A partir d’un seul couple, la terre va se peupler et l’amour du couple va « déborder » et s’étendre aux enfants, aux copains de ceux-ci, aux beaux-enfants, aux petits-enfants… pour devenir relation multiple et s’élargir vers la fraternité.

Dans un couple, il y a toi, moi et nous, à savoir l’œuvre commune que nous créons et vivons ensemble. Le tout est donc supérieur à la somme des parties (1 + 1 = 3)

Par contre, si 1 + 1 = 2, nous risquons d’avoir des chemins parallèles et bientôt, cela sera 0 car nous n’aurons plus rien en commun. Même chose, si nous sommes dans la fusion : 1 + 1 = 1 et bientôt 0 car un des deux doit s’effacer mais lequel ?

Ma vie est donnée à l’autre par de petits gestes d’amour et évolue au fil du temps : tout commence par éros, devient philia, (l’amitié) et puis, tout est donné (agapè).


Egalité entre l’homme et la femme

Si nous pouvons devenir une seule chair, c’est parce que nous sommes de la même chair.

J’offre à mon conjoint une présence qui vient de l’intérieur de moi-même et est constitutive de mon identité profonde et qui est en même temps extérieure à moi puisque j’ai accepté de quitter mes parents pour lui.


Le rêve de Dieu : l’unité

Le rêve de Dieu, c’est la communion entre nous alors que nous aimons parfois tellement détricoter et semer la zizanie.

Dieu veut unir l’humanité et cela nous concerne et concerne toutes nos relations, que nous soyons célibataires, mariés, veufs,...


L’échec de la relation

La loi est là pour gérer l’échec mais le légal ne dessine pas un idéal, inscrit au plus profond de nous-mêmes et devant guider notre vie.

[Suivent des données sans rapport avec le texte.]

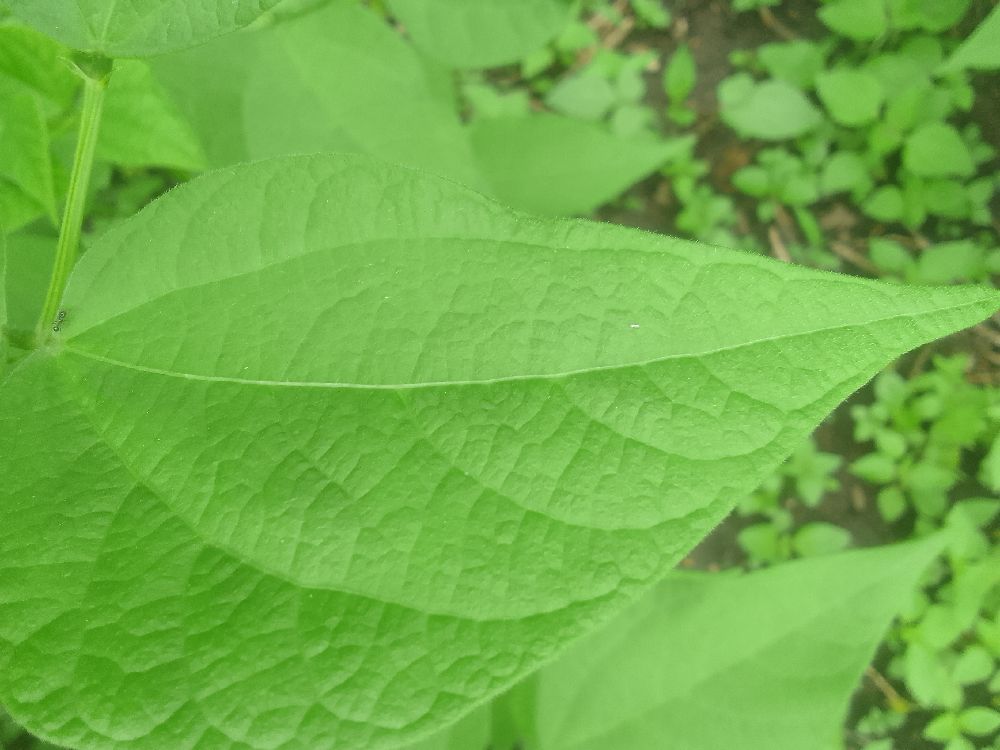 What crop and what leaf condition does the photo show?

common bean, healthy
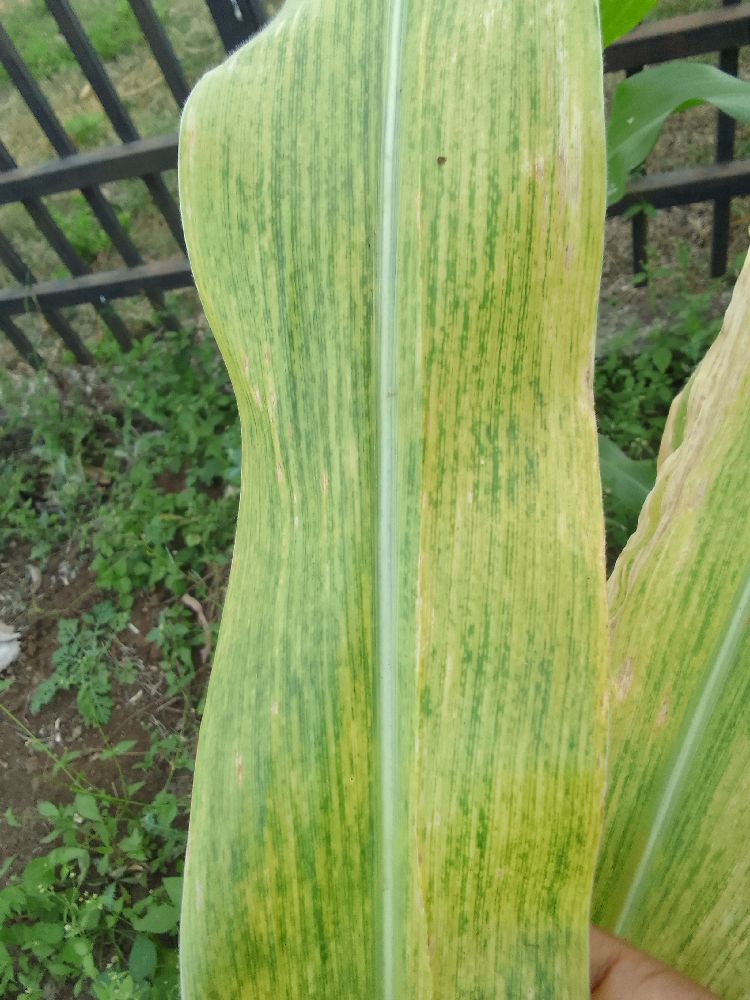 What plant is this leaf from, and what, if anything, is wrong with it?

maize, maize lethal necrosis
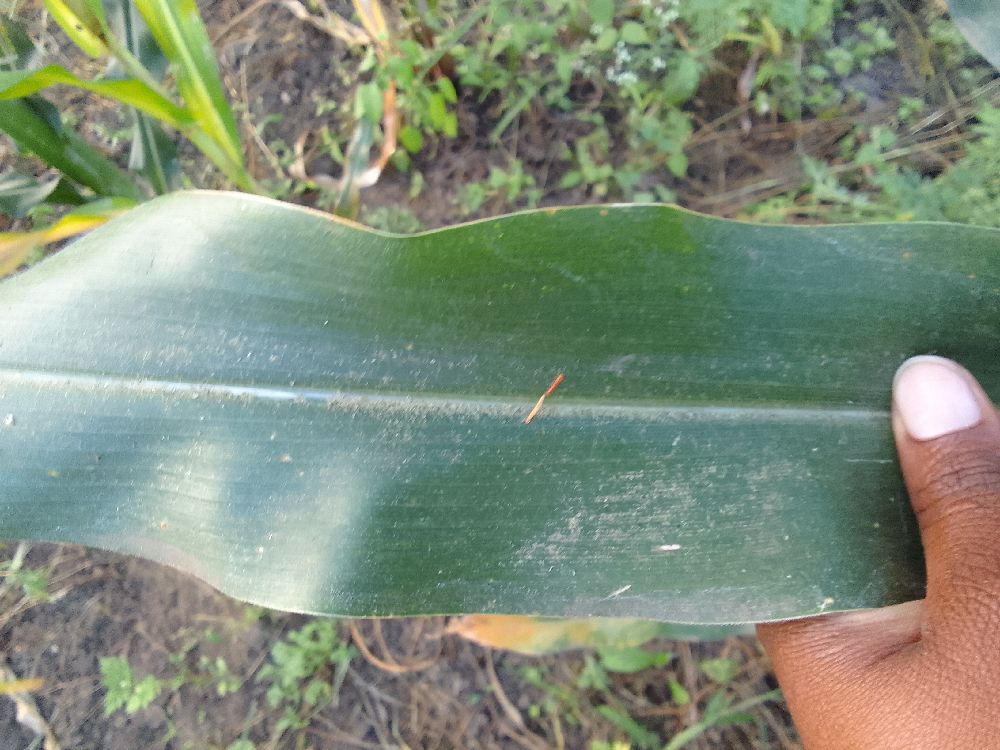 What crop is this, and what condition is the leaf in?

maize, healthy
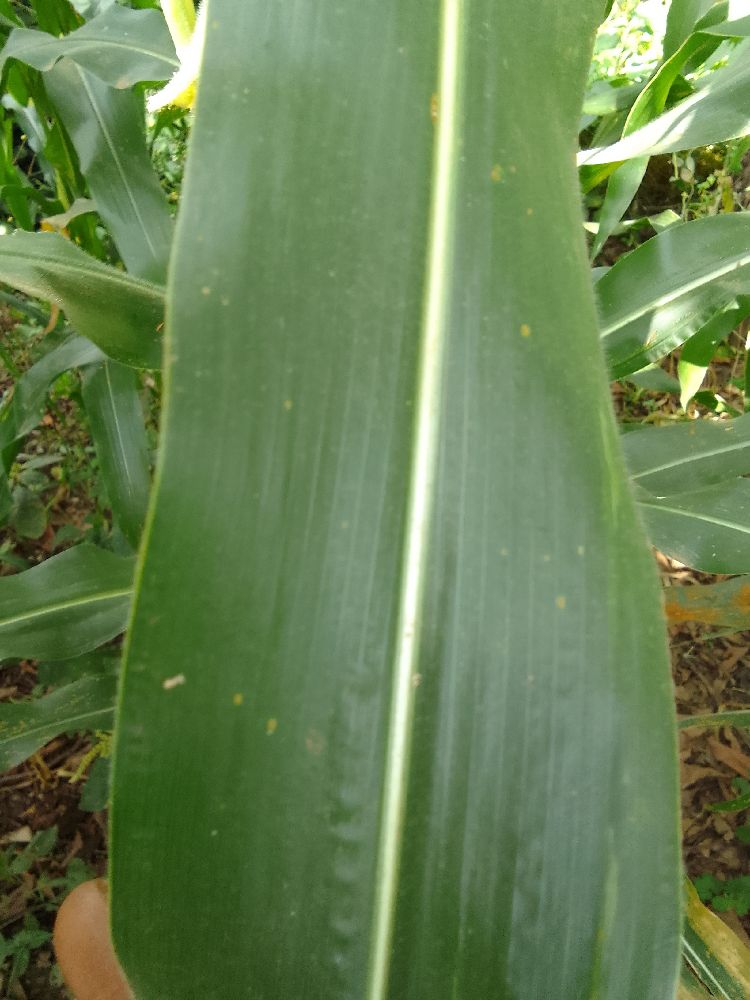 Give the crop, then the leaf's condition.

maize, maize streak virus
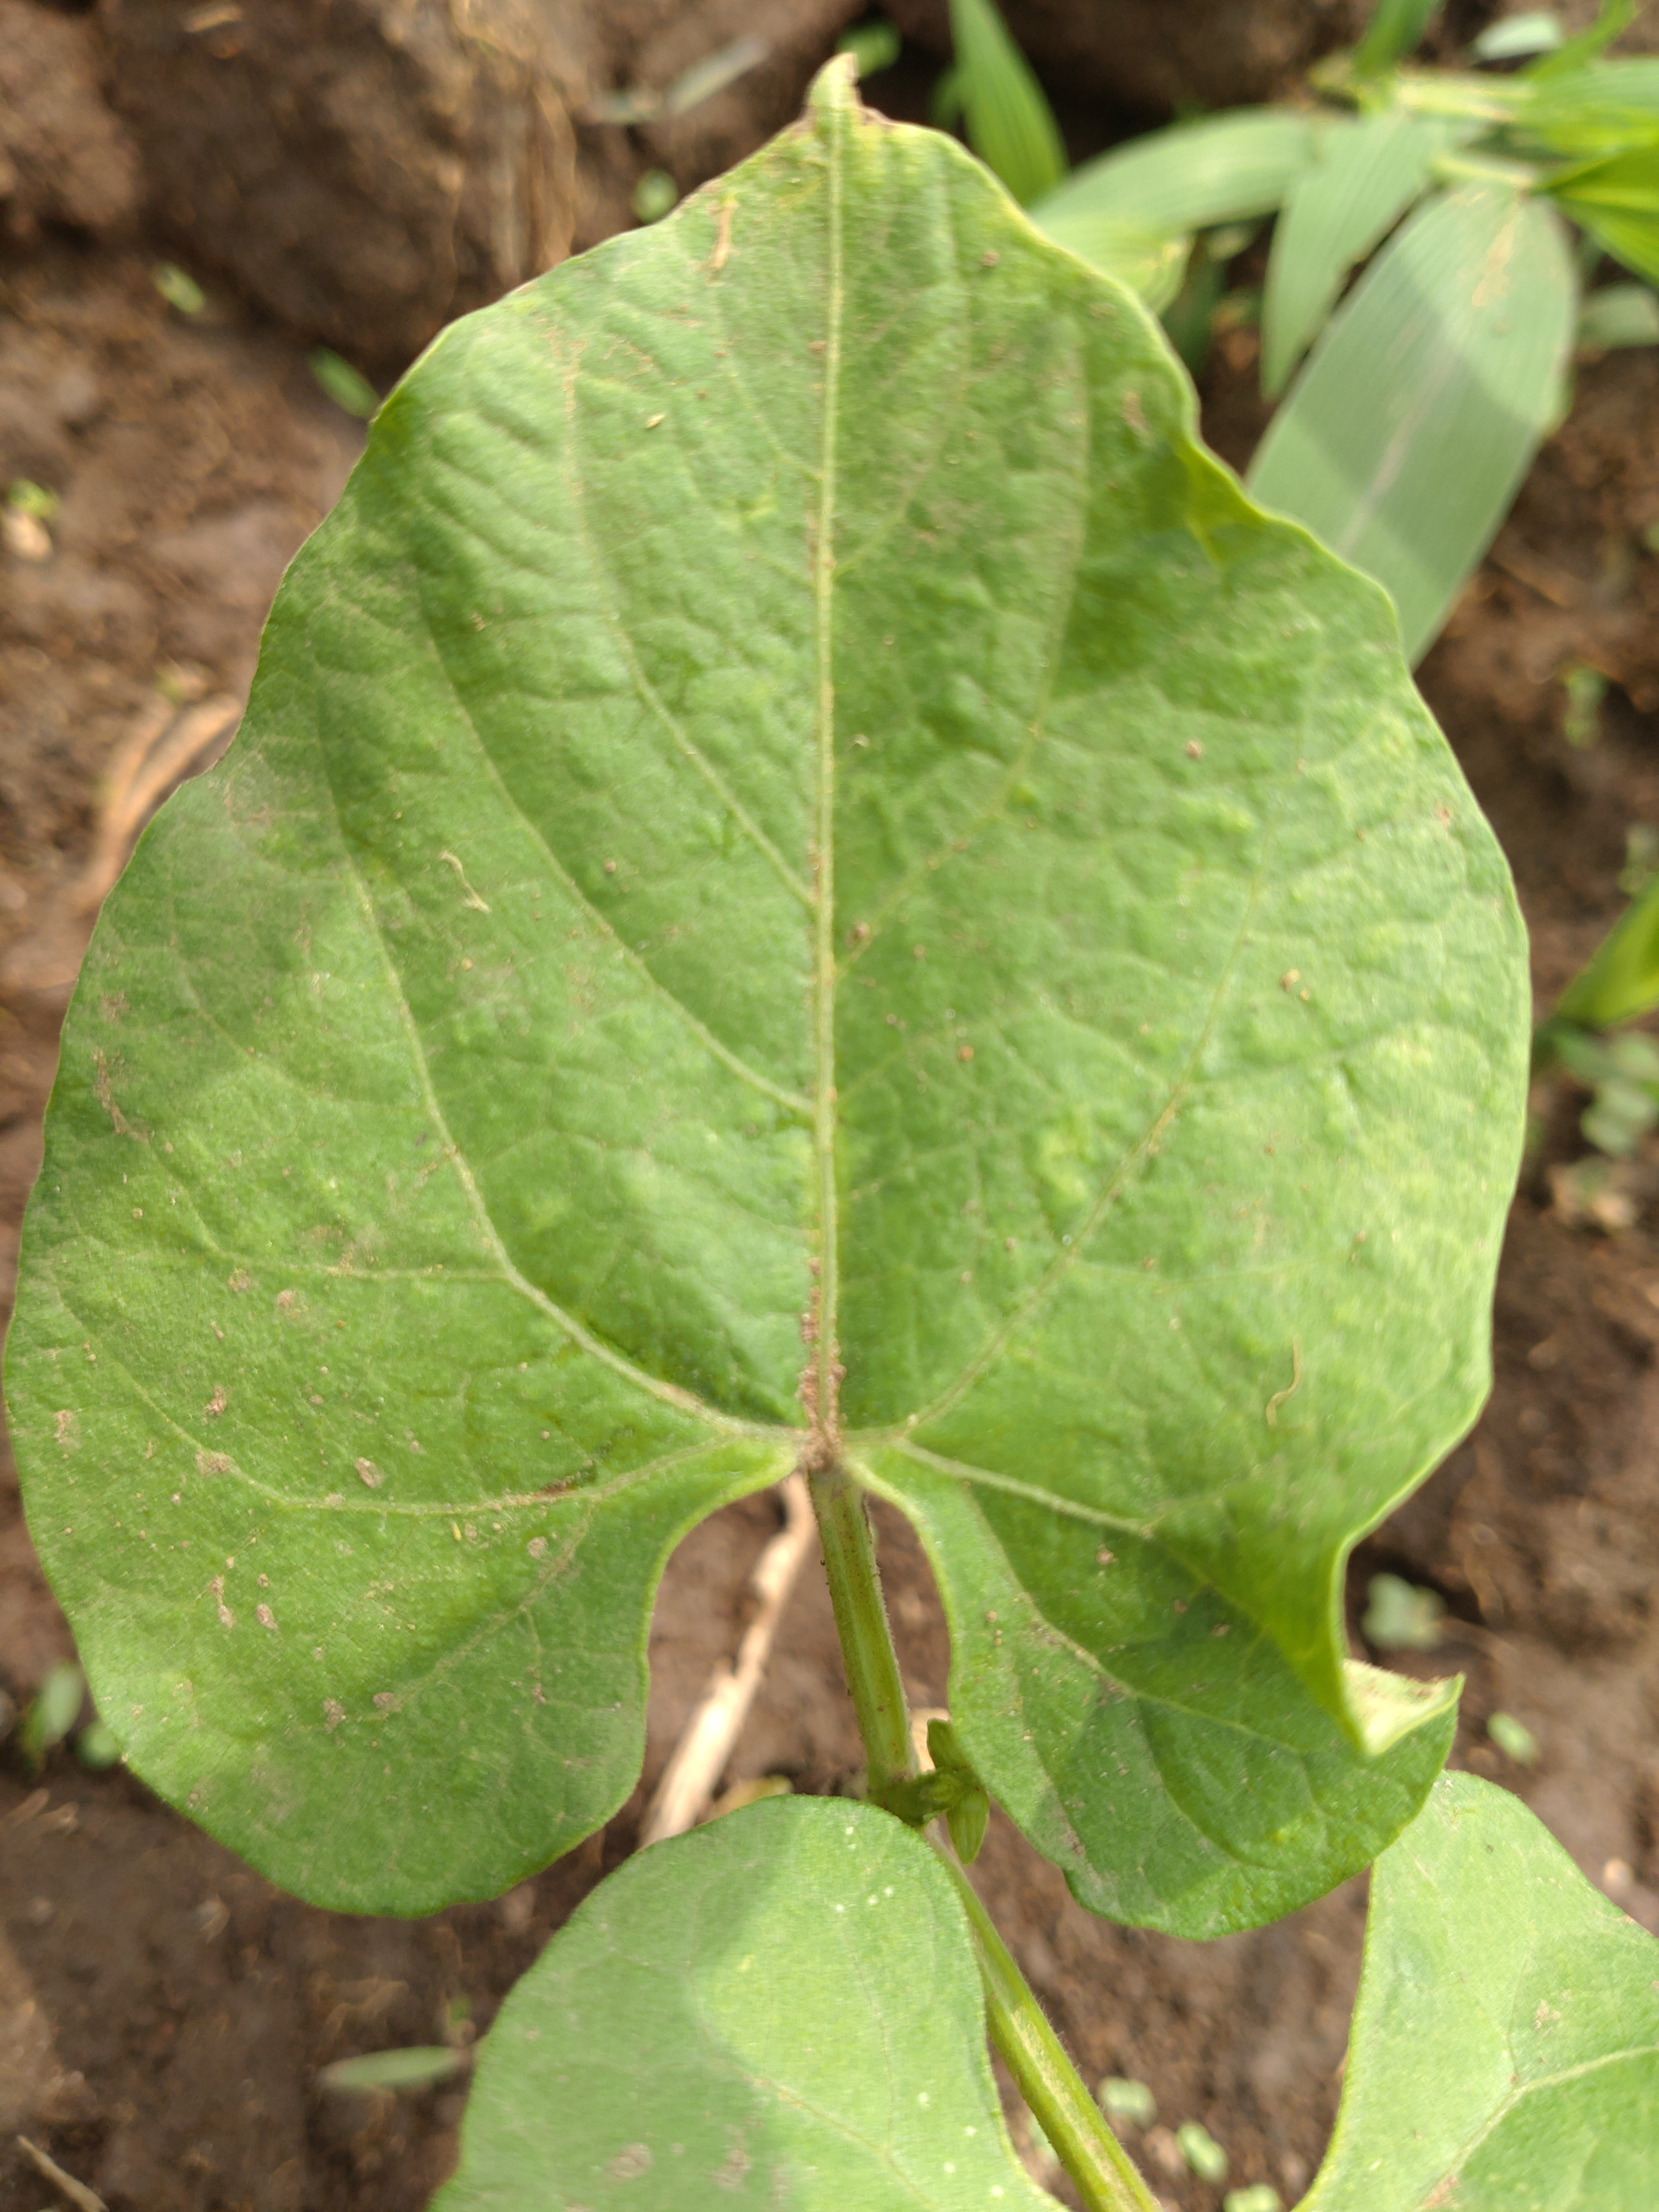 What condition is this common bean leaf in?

healthy
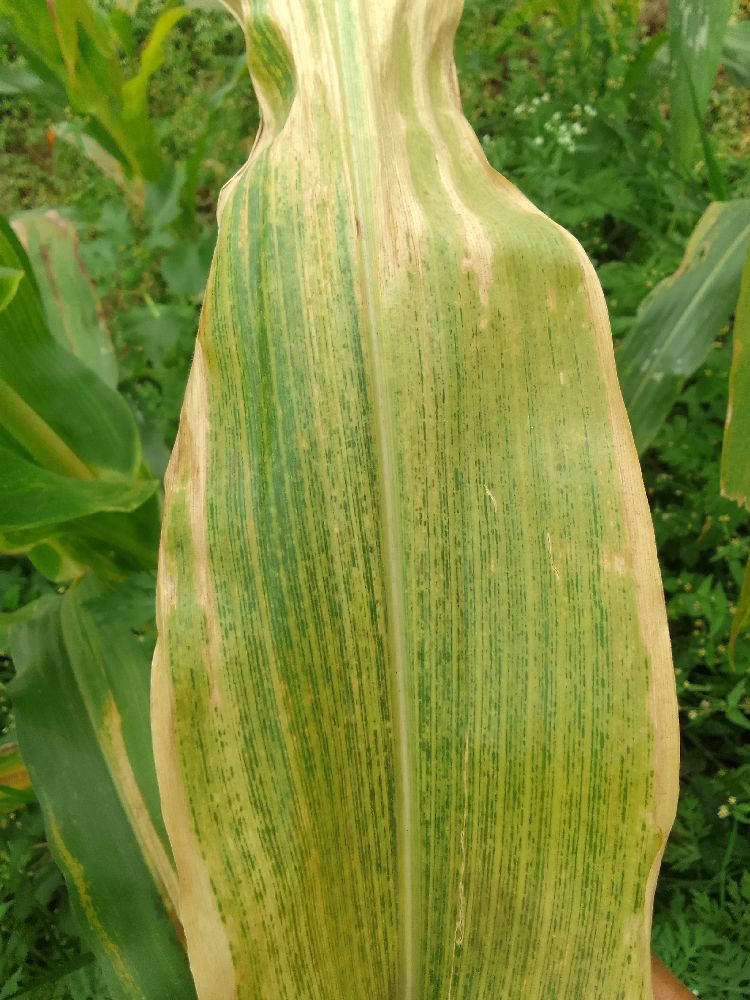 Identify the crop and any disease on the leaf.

Cela étant, chacun fait ce qu’il peut et de son mieux et Jésus ne jette certainement pas la pierre à ceux qui échouent dans leur relation conjugale. Faisons comme Lui et respectons le chemin de chacun. Au travers de l’échec, il peut d’ailleurs y avoir un rebondissement et une deuxième union qui permet parfois d’aller plus loin dans l’unité.


Soyons semeurs d’amour

Le rêve de Dieu se concrétise par le plus petit geste d’amour que je pose et ce même si je n’en vois pas les fruits. Je pose ce geste, simplement parce qu’il traduit l’amour et peut-être un jour, ce geste sera-t-il porteur de fruits à l’instar du gland qui devient chêne…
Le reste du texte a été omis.